# Updated: bye Classic, hello Piccino



## urpert (Mar 22, 2012)

I'm impressed with how little space it takes up and how solid it feels compared to the Gaggia!


----------



## aaroncornish (Nov 7, 2012)

What.... no Rocket









Joking, lovely looking machine. How are the shots vs the Classic

Aaron


----------



## urpert (Mar 22, 2012)

I'll let you know once I have a chance to play with it propery at the weekend!


----------



## aaroncornish (Nov 7, 2012)

Enjoy!
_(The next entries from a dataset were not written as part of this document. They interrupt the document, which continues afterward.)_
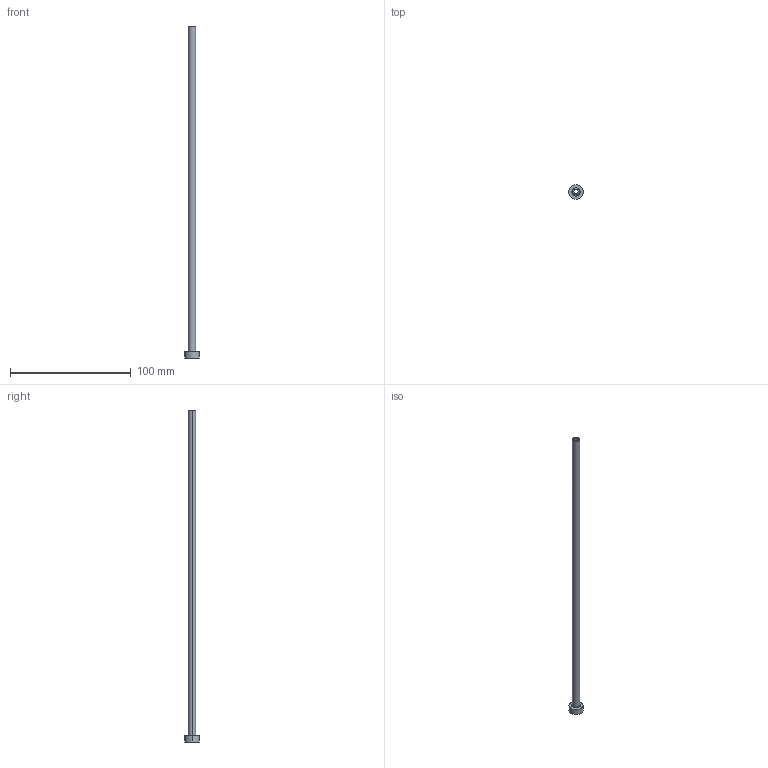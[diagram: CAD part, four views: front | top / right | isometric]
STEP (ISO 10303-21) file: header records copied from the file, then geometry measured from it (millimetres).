
FILE_DESCRIPTION (( 'STEP AP203' ), '1' );
FILE_NAME ('a115.STEP', '2023-02-13T17:50:18', ( '' ), ( '' ), 'SwSTEP 2.0', 'SolidWorks 2019', '' );
FILE_SCHEMA (( 'CONFIG_CONTROL_DESIGN' ));
Length unit declared in the file: millimetre
Products named in the file (1): a115
Bounding box: 12 x 12 x 275 mm (x, y, z)
Volume: 5159.2 mm3; surface area: 8721.4 mm2
Topology: 1 solids, 1 shells, 14 faces, 28 edges, 18 vertices
Faces by surface type: cylinder 8, plane 4, torus 2
Entity records: 457 total; most frequent: DIRECTION 78, CARTESIAN_POINT 61, ORIENTED_EDGE 56, AXIS2_PLACEMENT_3D 35, EDGE_CURVE 28, CIRCLE 20, VERTEX_POINT 18, EDGE_LOOP 18

I predict no sleep for you over the weekend


----------



## froggystyle (Oct 30, 2013)

Nice tidy looking machine that!


----------



## aaroncornish (Nov 7, 2012)

How are you getting on with it


----------



## NickdeBug (Jan 18, 2015)

Nice neat setup.

Should have good WAF.


----------



## Mr O (Jan 14, 2015)

How's it going v the Classic?

im really enjoying my Classic / SJ combo at the mo.. Not sure how much longer I can resist though...


----------



## Rhys (Dec 21, 2014)

How much bigger is it than the classic? Nearly bought a Cherub but worked out it was too big for the space I have..


----------



## johnnygee04 (Mar 16, 2015)

I have to agree with you. I've just taken delivery of a mignon from BB and found my nearly new Piccino on eBay a couple of months ago; they're a great combo. I upgraded from my 12yr old Classic when it went pop.


----------